Debezium publishes schema information to a separate Kafka topic. When your database schema evolves (column added, type changed), the schema registry tracks versions. Consumers can adapt dynamically.

Stream Processing Integration

CDC naturally feeds into stream processors like Apache Flink, Kafka Streams, or ksqlDB:




// Kafka Streams CDC consumer example


KStream orders = builder.stream(


"my-app.public.orders",


Consumed.with(Serdes.String(), orderSerde)


);




orders


.filter((key, order) -> order.status.equals("paid"))


.mapValues(order -> {


order.status = "processing";


return order;


})


.to("my-app.public.orders-processing",


Produced.with(Serdes.String(), orderSerde));





Materialized Cache

CDC can keep a Redis cache or Elasticsearch index in sync with the database:




PostgreSQL → Debezium → Kafka → Kafka Connect (Elasticsearch Sink) → Elasticsearch





This architecture eliminates application-level cache-warming code. The cache is always consistent (within the replication lag, typically milliseconds).

Logical Replication Slots

Replication slots are the backbone of PostgreSQL CDC. They retain WAL segments until the consumer acknowledges receipt. Monitoring slot state is critical:




SELECT slot_name, database, active, restart_lsn,


pg_size_pretty(pg_wal_lsn_diff(pg_current_wal_lsn(), restart_lsn)) AS wal_retained


FROM pg_replication_slots;





A stalled consumer causes WAL accumulation, potentially filling disk. Set up alerts on slot lag.

CDC vs Triggers

| Aspect | CDC (Logical Replication) | Triggers | |--------|--------------------------|----------| | Overhead | Minimal (WAL reading) | Per-row function execution | | Coupling | Asynchronous | Same transaction | | External consumers | Native via Kafka/Flink | Requires custom solution | | Schema changes | Managed via slot versioning | Manual trigger updates | | Backfill | Snapshot phase included | Requires separate mechanism |

Anti-Patterns


* **Writing CDC events back to the same database**: Creates infinite loops or logical confusion.

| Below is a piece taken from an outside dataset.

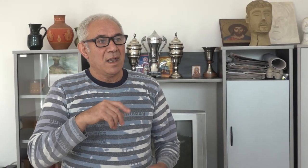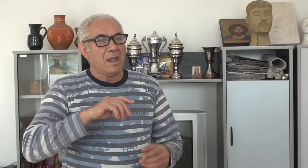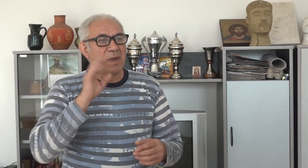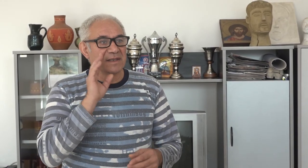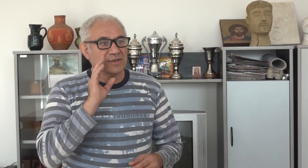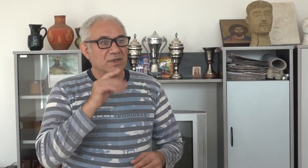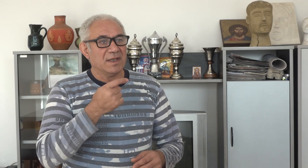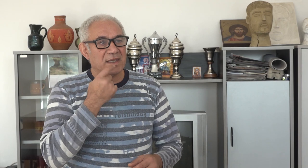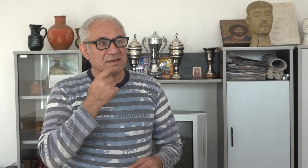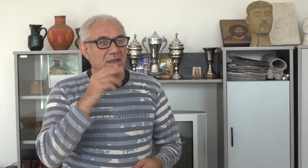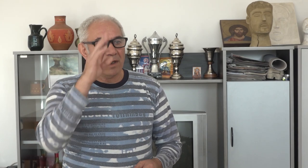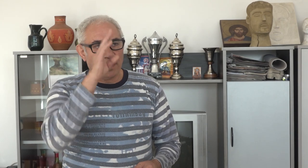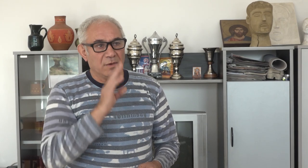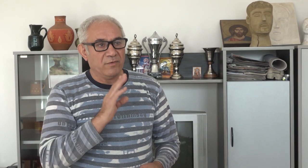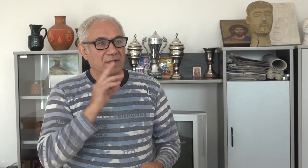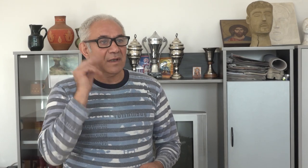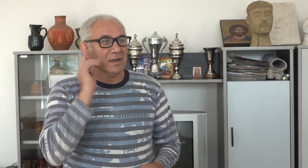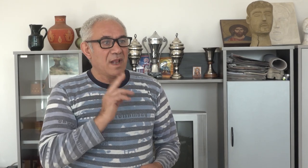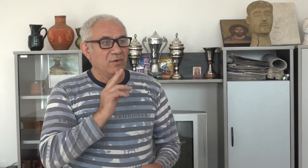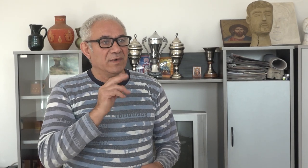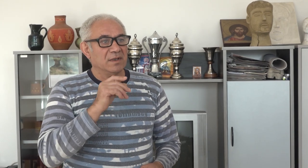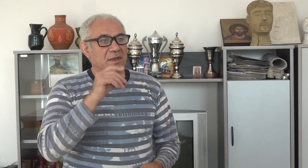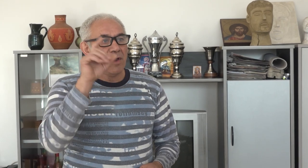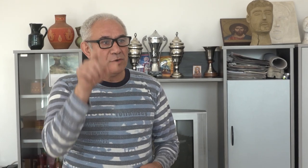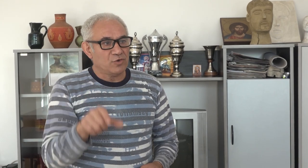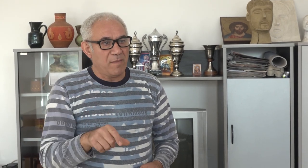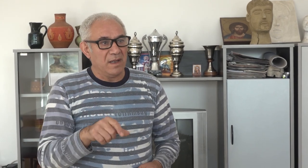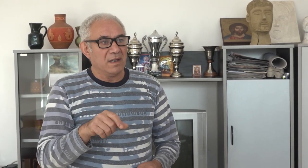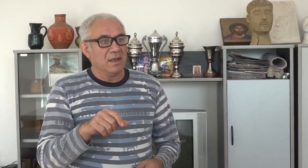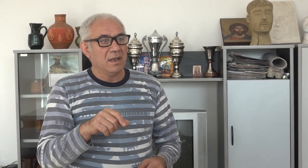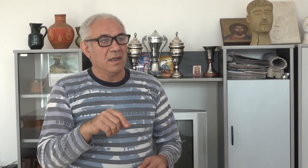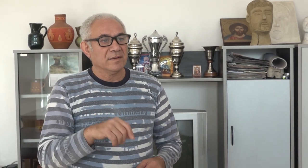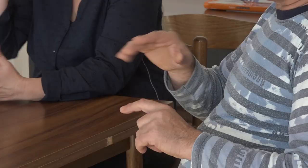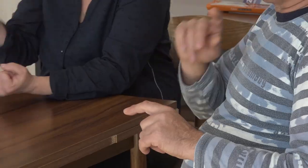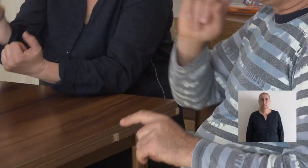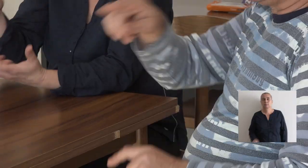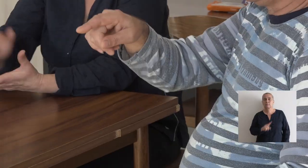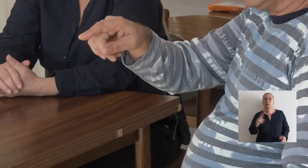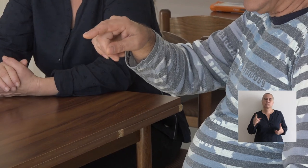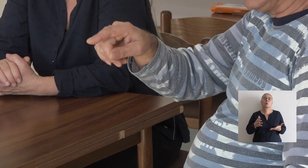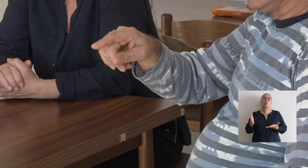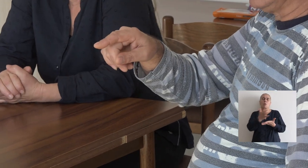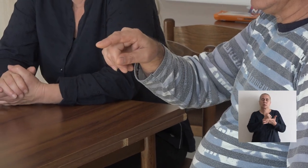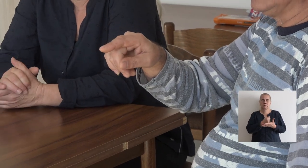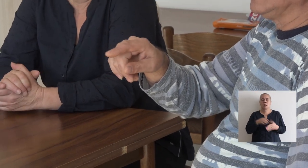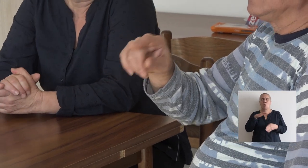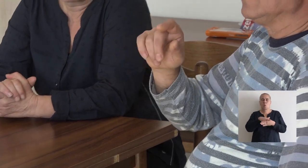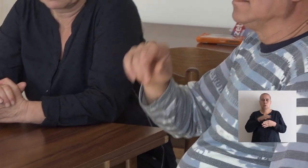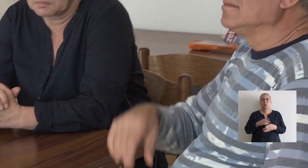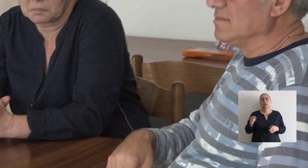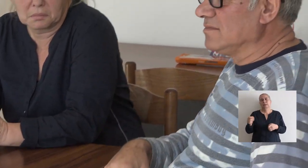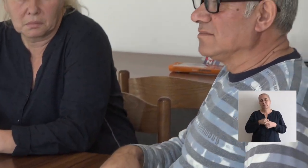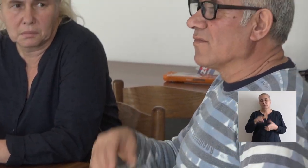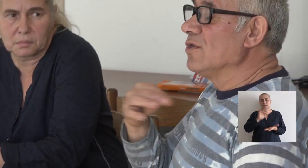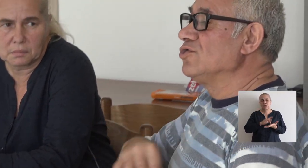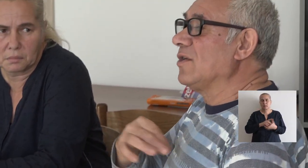Znakovni jezik je maternji jezik nagluvih i gluvih osoba. Neretko koristi usluge lokalnog

2\. **Using CDC as a general-purpose event bus**: CDC captures row changes, not domain events. Use an explicit event store for domain events. 3\. **Ignoring initial snapshots**: Debezium takes a consistent snapshot before streaming changes. Large tables may require tuning of snapshot chunk sizes and lock timeouts.

CDC is the most robust approach for keeping secondary systems synchronized with a primary database. Combined with Kafka, it enables event-driven architectures where the database is the source of truth and every change is an event.